Sure, the blueprint for this Laker team began last summer with the signings of forward Karl Malone and guard Gary Payton, which would give the team a veteran presence, along with additional scoring punch.
However, the Pistons had a blueprint of their own, starting with hiring former 76ers coach Larry Brown, and adding power forward Rasheed Wallace during the March trading deadline.
Both teams went through decent competition to get to the NBA Finals, and they're taking advantage of this time off to rest some weary legs prior to Game One on Sunday night in Los Angeles.
There are numerous intangibles going into this series, such as Lakers coach Phil Jackson seeking his tenth NBA championship, Pistons coach Larry Brown's quest for his first NBA championship, and Kobe Bryant's possible last run with the Lakers.
Needless to say, as the old adage goes, "offense sells tickets while defense wins games," and both the Lakers and Pistons play great defense. However, it's the Pistons' offense that is considered shaky, noting some of the low scoring games they managed throughout the playoffs. Pistons guard Richard "Rip" Hamilton will have Bryant defending him exclusively, while Shaquille O'Neal will have to deal with both of Detroit's Wallaces, Rasheed and Ben. Whichever Wallace is tussling with Shaq will free up the other Wallace to score. More than likely, it'll be Big Ben and Shaq going nose-to-nose.

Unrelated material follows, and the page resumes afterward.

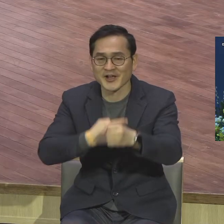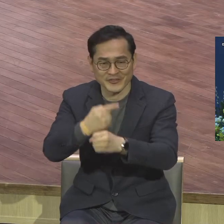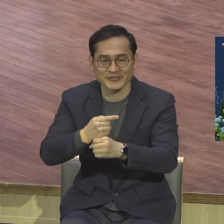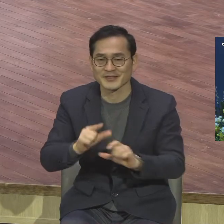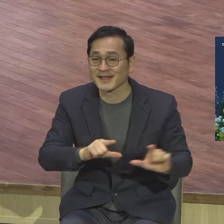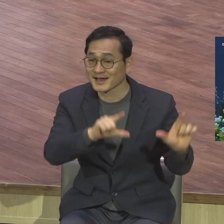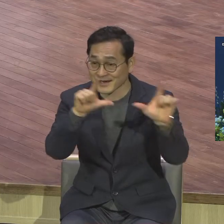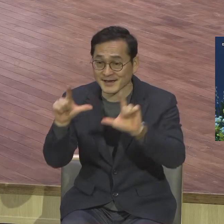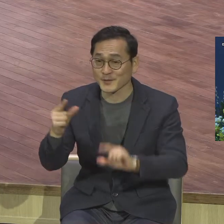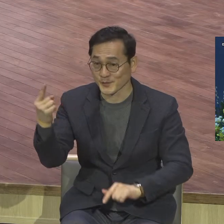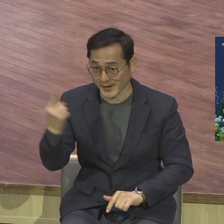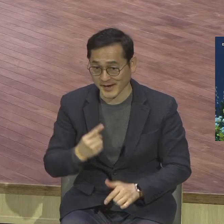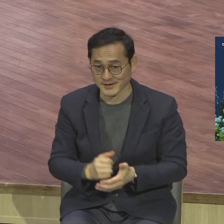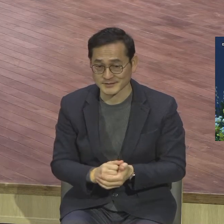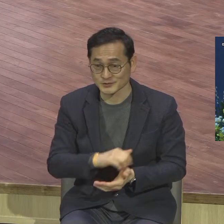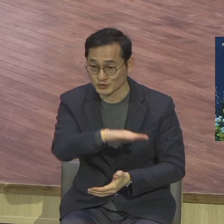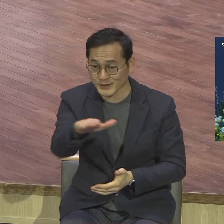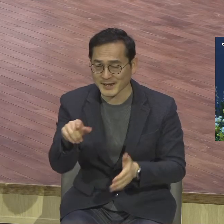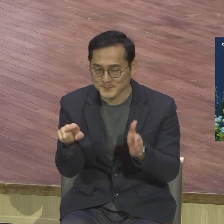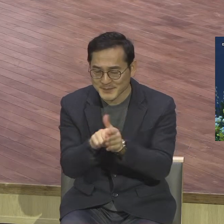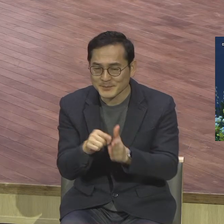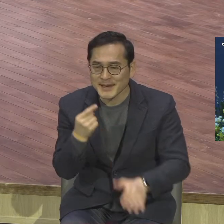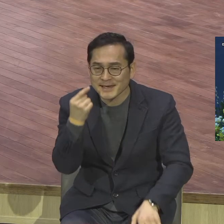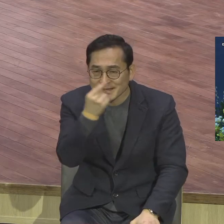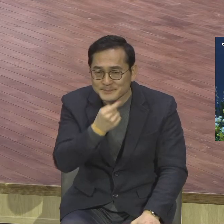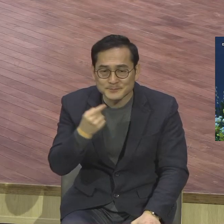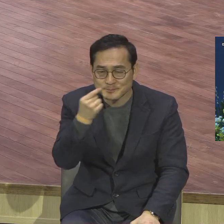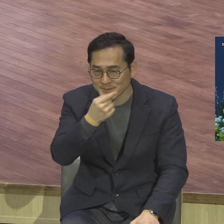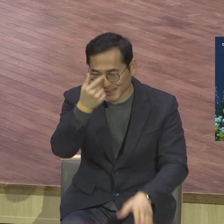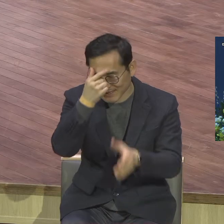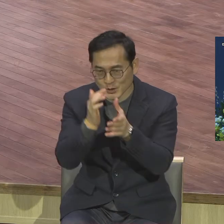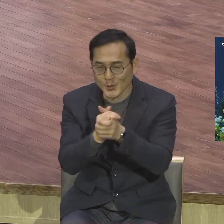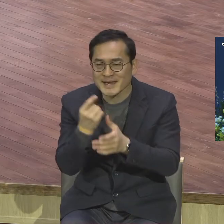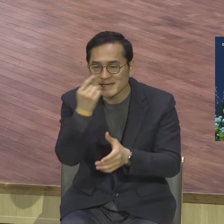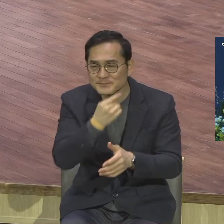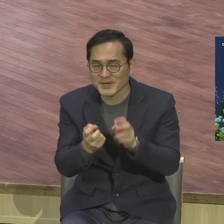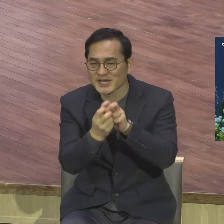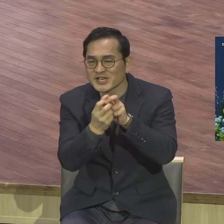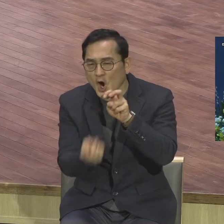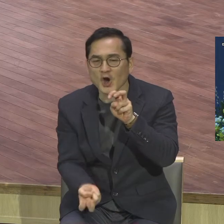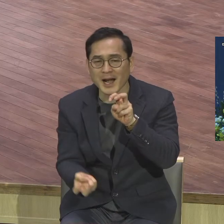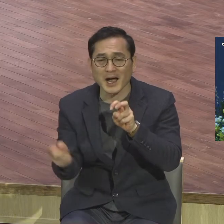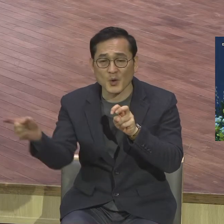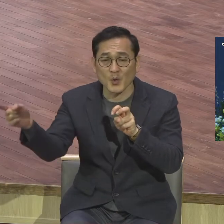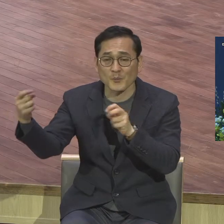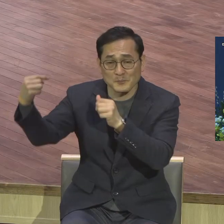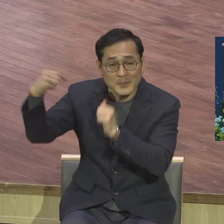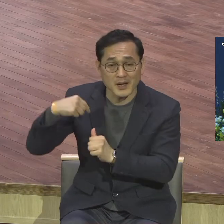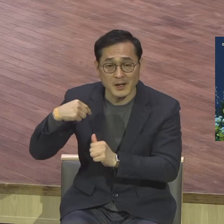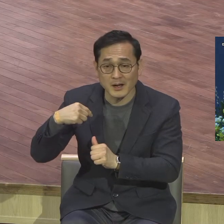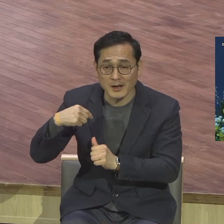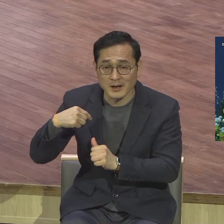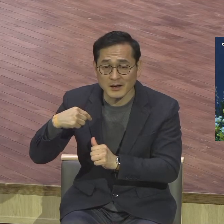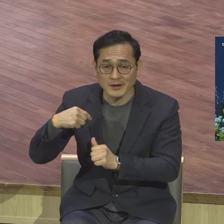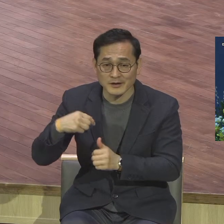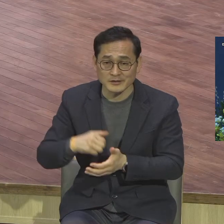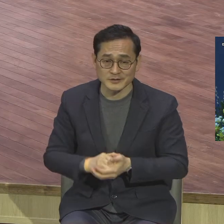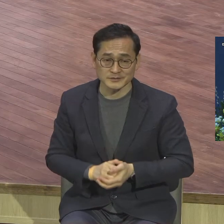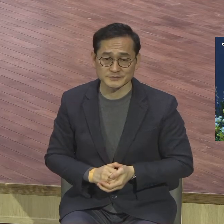믿음의 입 기도의 입을 열라라고 말씀하셨습니다 그러면 우리는 큰 도움을 받을 것이고

The Pistons simply can't run and gun with this Laker team, but they can press them enough to force turnovers, which would lead to easy baskets. The Pistons feel they have one of the NBA's best defenses, and this'll be their chance to showcase it. They worked hard to get this far, and Detroit is a better cohesive unit going against the Lakers than any team Los Angeles has faced so far. This Pistons team's toughness has been compared to the 90's Pistons "Bad Boys" Championship teams, which could take the Lakers by surprise.

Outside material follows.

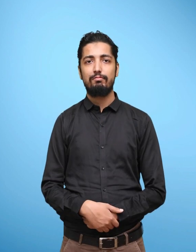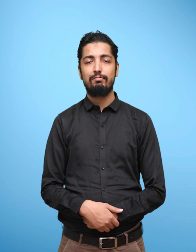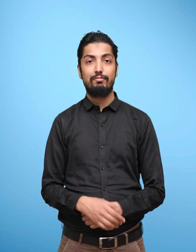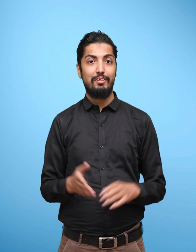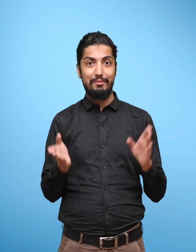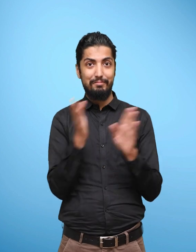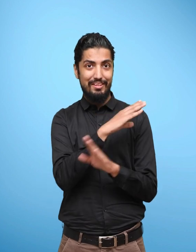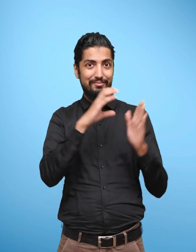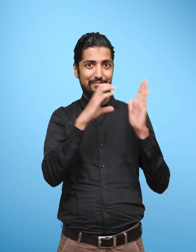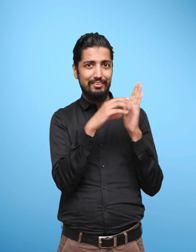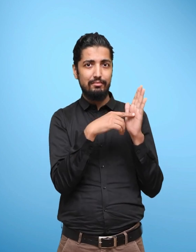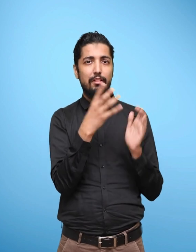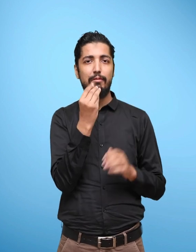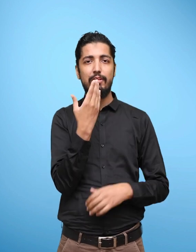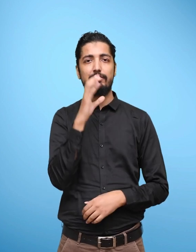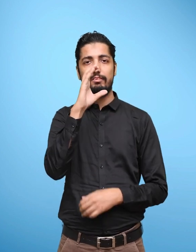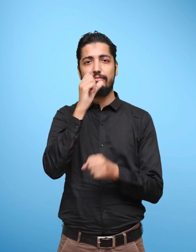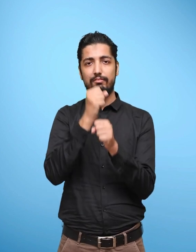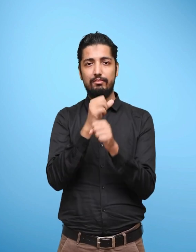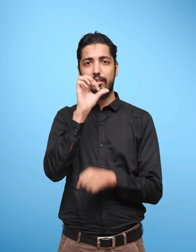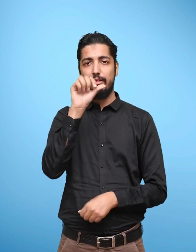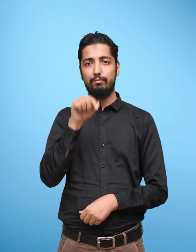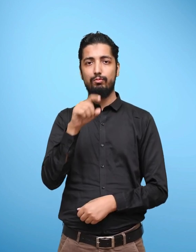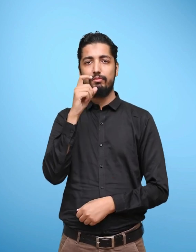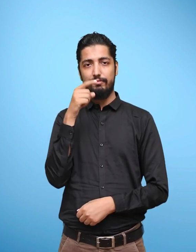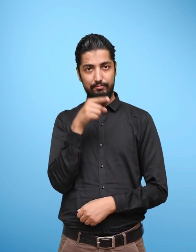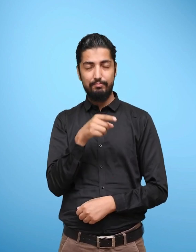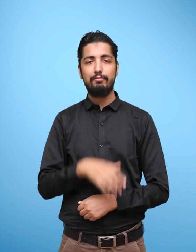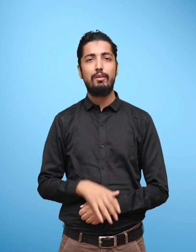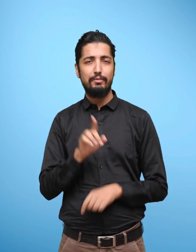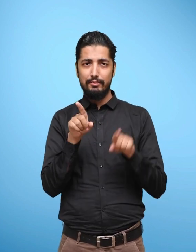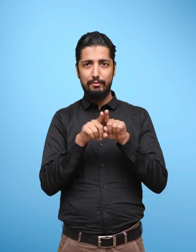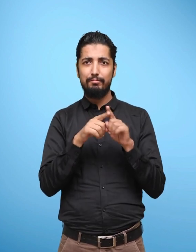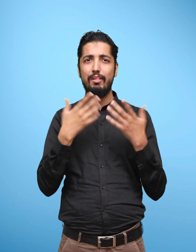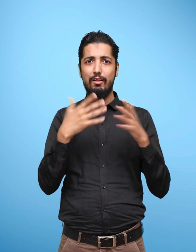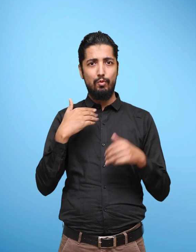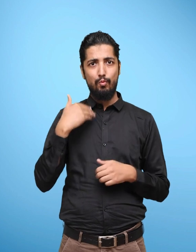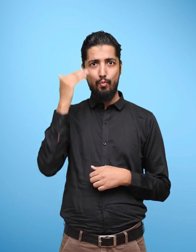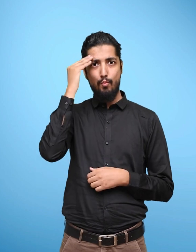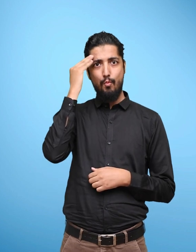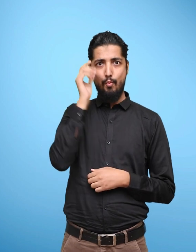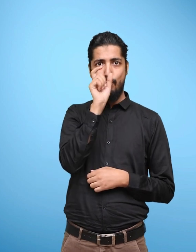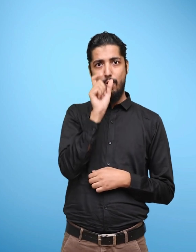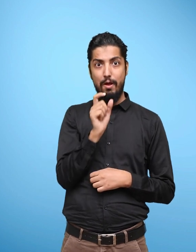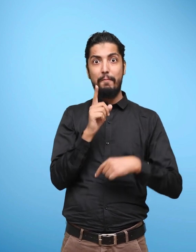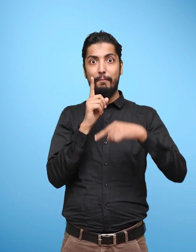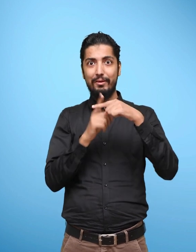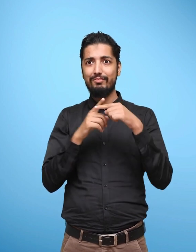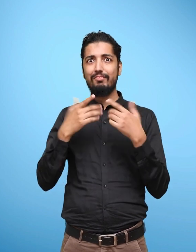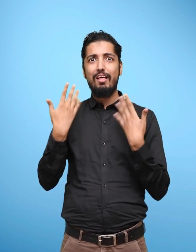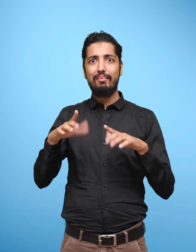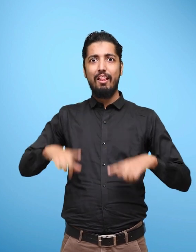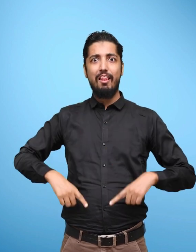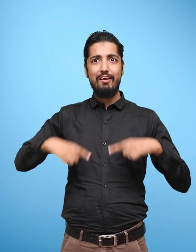the this is related to cg 9.7 knows and uses enough words to carry

What the Lakers are bringing to the table is their experience, along with an impressive home-winning record in the postseason. They are 9-0 so far, after going 34-7 during the regular season. However, the home crowd can be negated with an early lead, and the Pistons letting their defense take over.
While everyone is familiar with both teams starting five, it's the benches that'll have to get the job done as well. Simply put, the Lakers have Derek Fisher, and he can play anywhere at anytime. However, Fisher is nursing a sprained right knee, which allowed Kareem Rush to score some key playoff minutes against the Timberwolves. The Pistons rely on their bench heavily, and long-time Piston guard Lindsey Hunter is their key. He consistently pressures the ball to disrupt the other team's flow, which appears to be their game plan against the Lakers.
It appears this series will boil down to the matchup between Bryant and Hamilton. These two have quite a history between each other, competing against each other as far back as in high school. While the NBA Finals has become Bryant's forte, as he's garnered three Finals MVP award, this is Hamilton's debut, and he's looking to prove he deserves to be there.
As Bryant has shown during the playoffs, he can make shots from basically anywhere on the floor, making it difficult to defend him at times. However, the Pistons will negate his ability to drive to the basket by setting up screens. Hamilton has made his share of superb shots as well this postseason, and is gaining confidence with every playoff series. Despite playing with a face guard, Hamilton has become the Pistons go-to guy, and the team will go as far as he'll go.
Regardless of what others think, and it may take a full seven games, but it wouldn't surprise me that it'll be Hamilton (a fellow Coatesville grad) will be hoisting the championship trophy this month.